A Route task allows you to calculate point-to-point and multipoint routes using ArcGIS for Server network analysis services or your own offline network dataset and a local geodatabase.

A network analysis service contains one or more network analysis layers. ArcGIS provides different types of analysis layers, such as route, service area, closest facility, and so on, depending on the type of analysis to be performed. A Route task relies on a route analysis layer to compute routes. ArcGIS Online provides network analysis services based on street data for the world and you can create your own services with ArcGIS for Server.

Finding a route with a local geodatabase requires that the local geodatabase contains a route analysis layer.

Learn about creating network analysis services

Create a Route task

There are two types of Route tasks. Choosing the right type of RouteTask depends on your data availability and needs. The LocalRouteTask offers the benefits of increased performance and removes the need for network connectivity, but as a consequence, a significant amount of storage space may be needed on-device. An OnlineRouteTask allows you to take advantage of robust ArcGIS Online services and requires no additional data deployment, but network speeds and REST response size can negatively impact performance.

To instantiate an OnlineRouteTask, provide a URL to a REST resource that represents a route layer in a network analysis service.
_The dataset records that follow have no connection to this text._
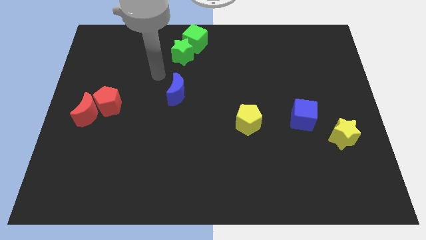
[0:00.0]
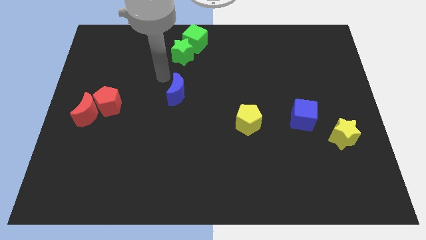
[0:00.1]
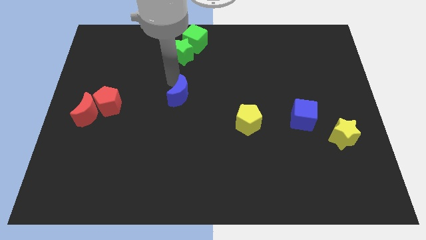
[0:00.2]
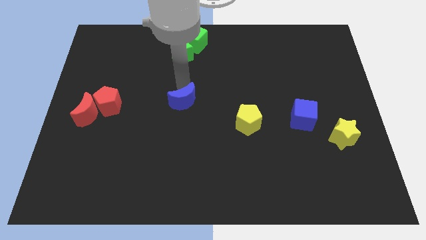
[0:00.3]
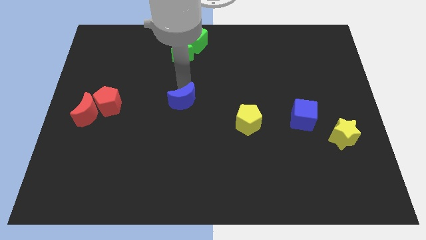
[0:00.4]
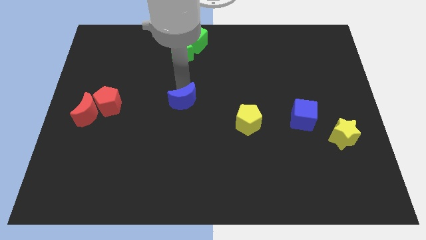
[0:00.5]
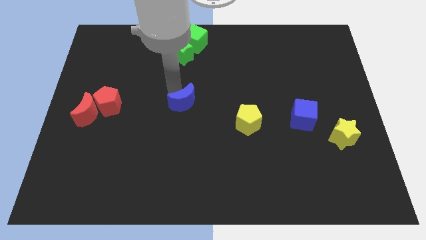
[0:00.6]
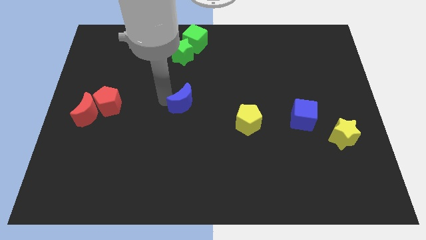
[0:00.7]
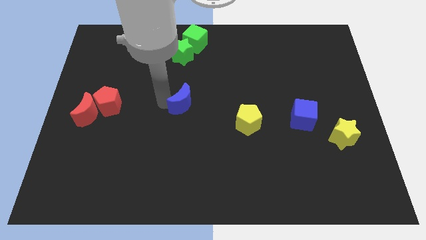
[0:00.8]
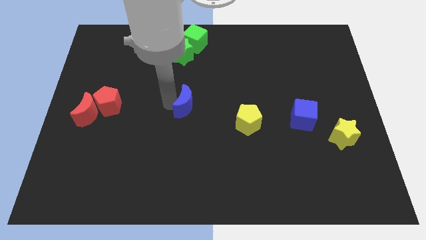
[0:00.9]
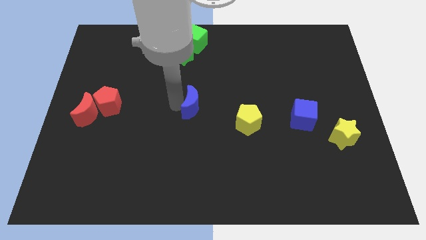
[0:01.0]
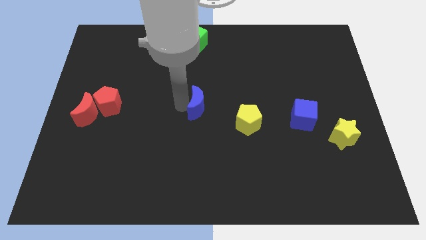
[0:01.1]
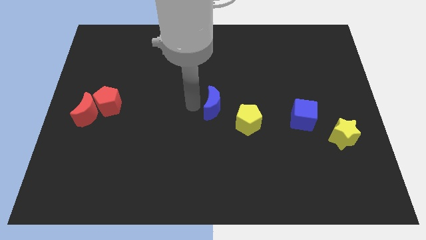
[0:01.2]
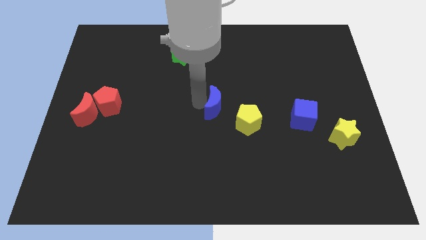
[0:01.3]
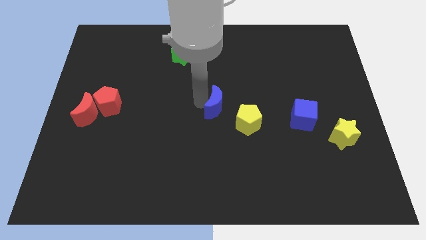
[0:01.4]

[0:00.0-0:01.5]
push the blue crescent slightly to the right

If the service is secured, provide the credentials that can be used to access the service. The following code snippet shows how to create an OnlineRouteTask for the Route layer in an ArcGIS Online routing service:

QString taskURL ("");
m_onlineRouteTask = new EsriRuntimeQt::OnlineRouteTask(taskURL, this);

To instantiate a LocalRouteTask for offline routing, provide the path to the local geodatabase and the name of the routing network in that geodatabase. The following code snippet shows how to create a LocalRouteTask for a streets network in a sample geodatabase provided with the ArcGIS Runtime API for Qt:

QString databasePath = getPathSampleData() + "disconnected" +QDir::separator() +
  "route" + QDir::separator() + "SanFrancisco" + QDir::separator() +

m_localRouteTask = new EsriRuntimeQt::LocalRouteTask(databasePath, "Streets_ND", this);


A LocalRouteTask can take a considerable amount of time to construct depending on the size of the source data. It is recommended that a LocalRouteTask be created once and kept alive for the life of the application.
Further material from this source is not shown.